◆ TRY IT
The answer should match the entries below word for word, minus their pictures.
· · · · ·
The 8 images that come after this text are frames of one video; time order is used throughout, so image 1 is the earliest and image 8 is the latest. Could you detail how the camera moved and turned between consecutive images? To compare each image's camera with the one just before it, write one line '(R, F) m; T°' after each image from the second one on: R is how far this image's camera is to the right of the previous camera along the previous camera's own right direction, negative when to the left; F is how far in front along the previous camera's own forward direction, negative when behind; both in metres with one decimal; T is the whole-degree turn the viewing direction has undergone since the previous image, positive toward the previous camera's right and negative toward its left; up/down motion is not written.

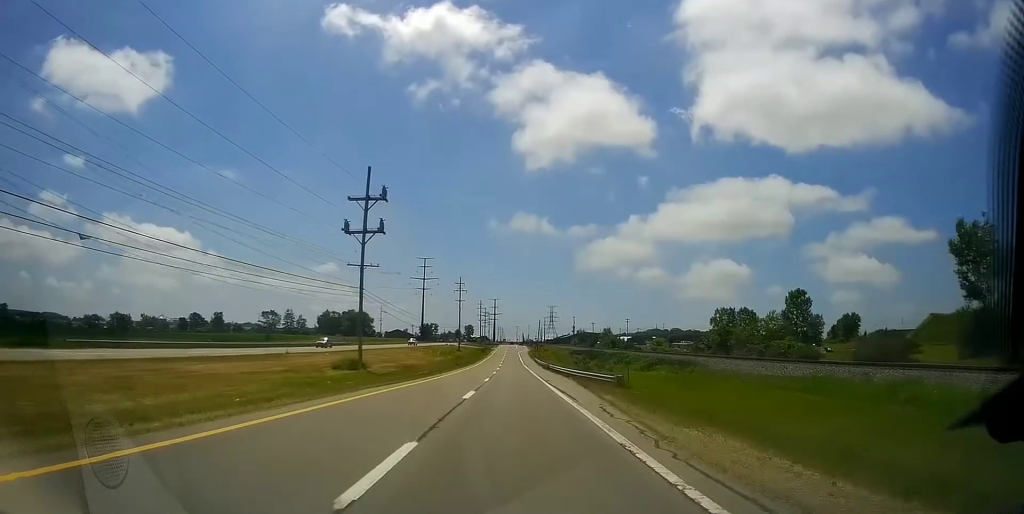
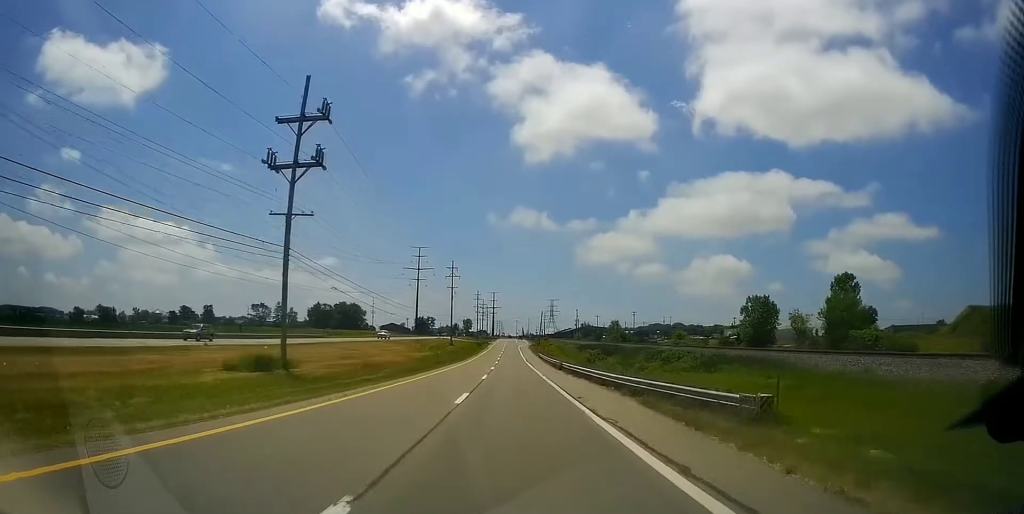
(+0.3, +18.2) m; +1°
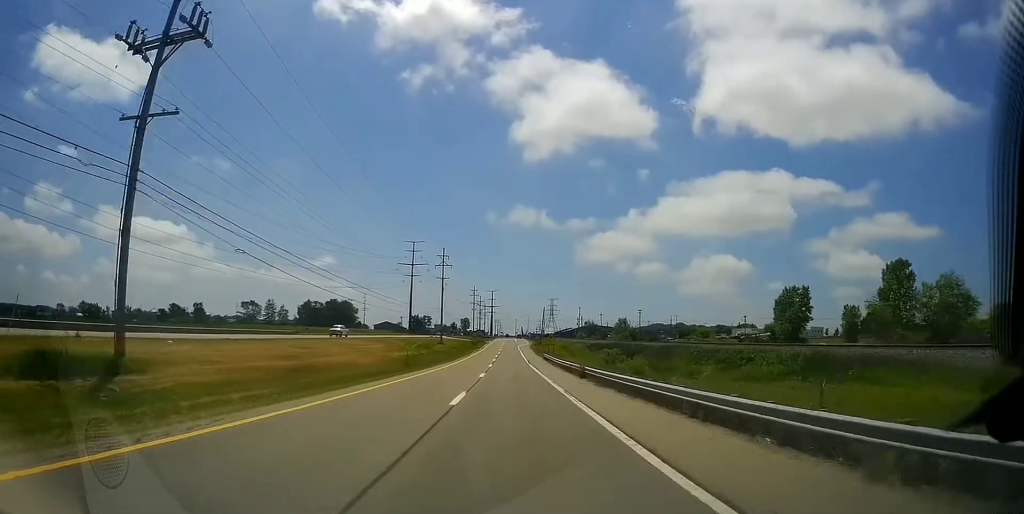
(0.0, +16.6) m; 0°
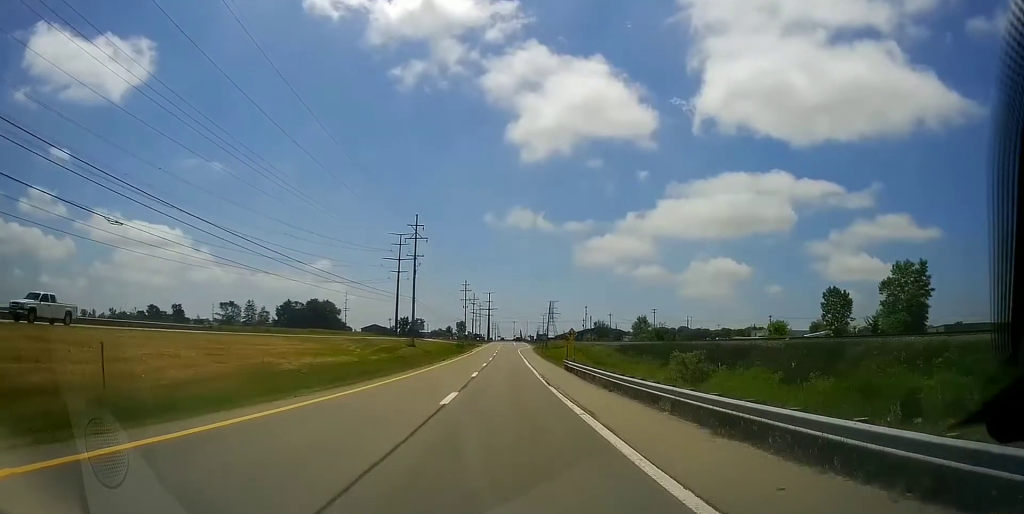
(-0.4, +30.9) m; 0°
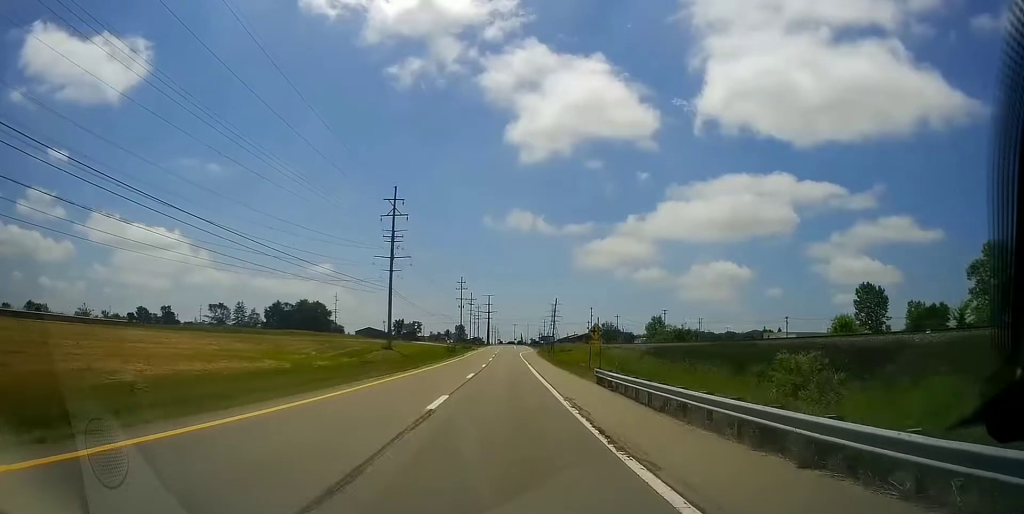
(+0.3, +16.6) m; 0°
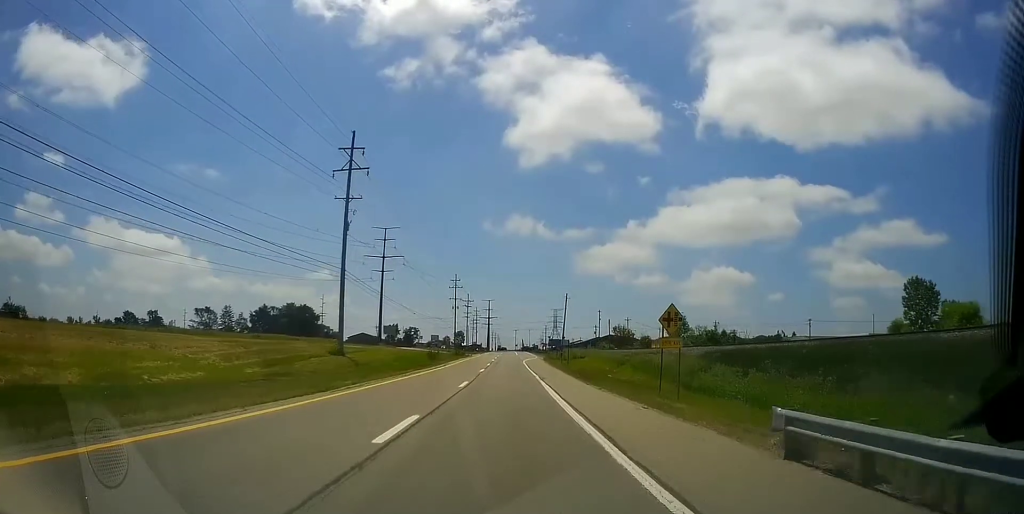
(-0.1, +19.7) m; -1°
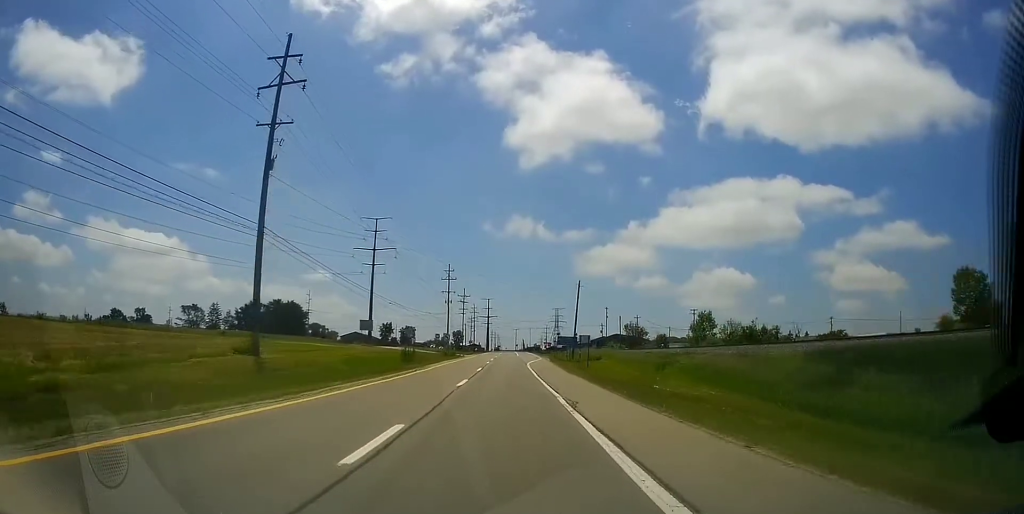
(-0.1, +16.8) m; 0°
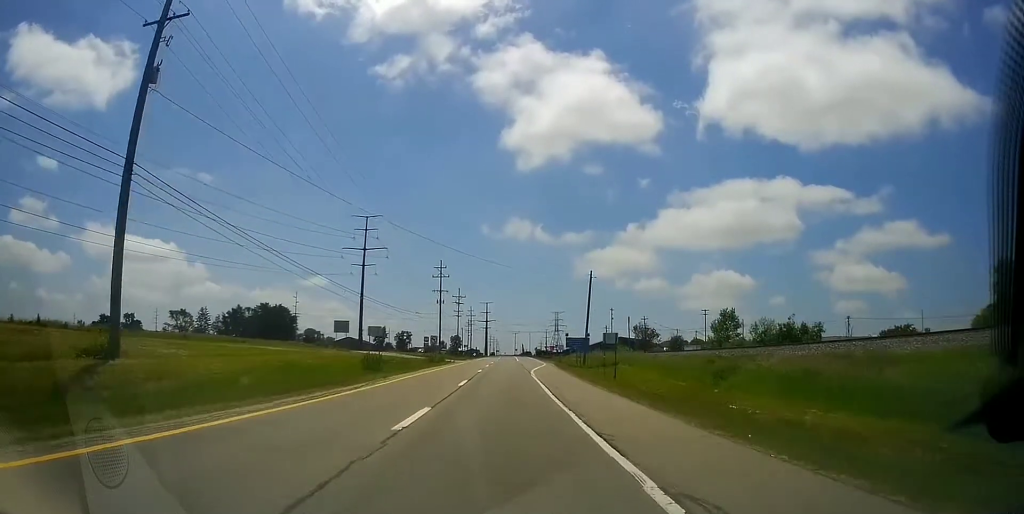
· · · · ·
◆ YOUR SOLUTION
The 8 images that come after this text are frames of one video; time order is used throughout, so image 1 is the earliest and image 8 is the latest. Could you detail how the camera moved and turned between consecutive images? To compare each image's camera with the one just before it, write one line '(R, F) m; T°' after each image from the second one on: R is how far this image's camera is to the right of the previous camera along the previous camera's own right direction, negative when to the left; F is how far in front along the previous camera's own forward direction, negative when behind; both in metres with one decimal; T is the whole-degree turn the viewing direction has undergone since the previous image, positive toward the previous camera's right and negative toward its left; up/down motion is not written.

(+0.3, +18.2) m; +1°
(0.0, +16.6) m; 0°
(-0.4, +30.9) m; 0°
(+0.3, +16.6) m; 0°
(-0.1, +19.7) m; -1°
(-0.1, +16.8) m; 0°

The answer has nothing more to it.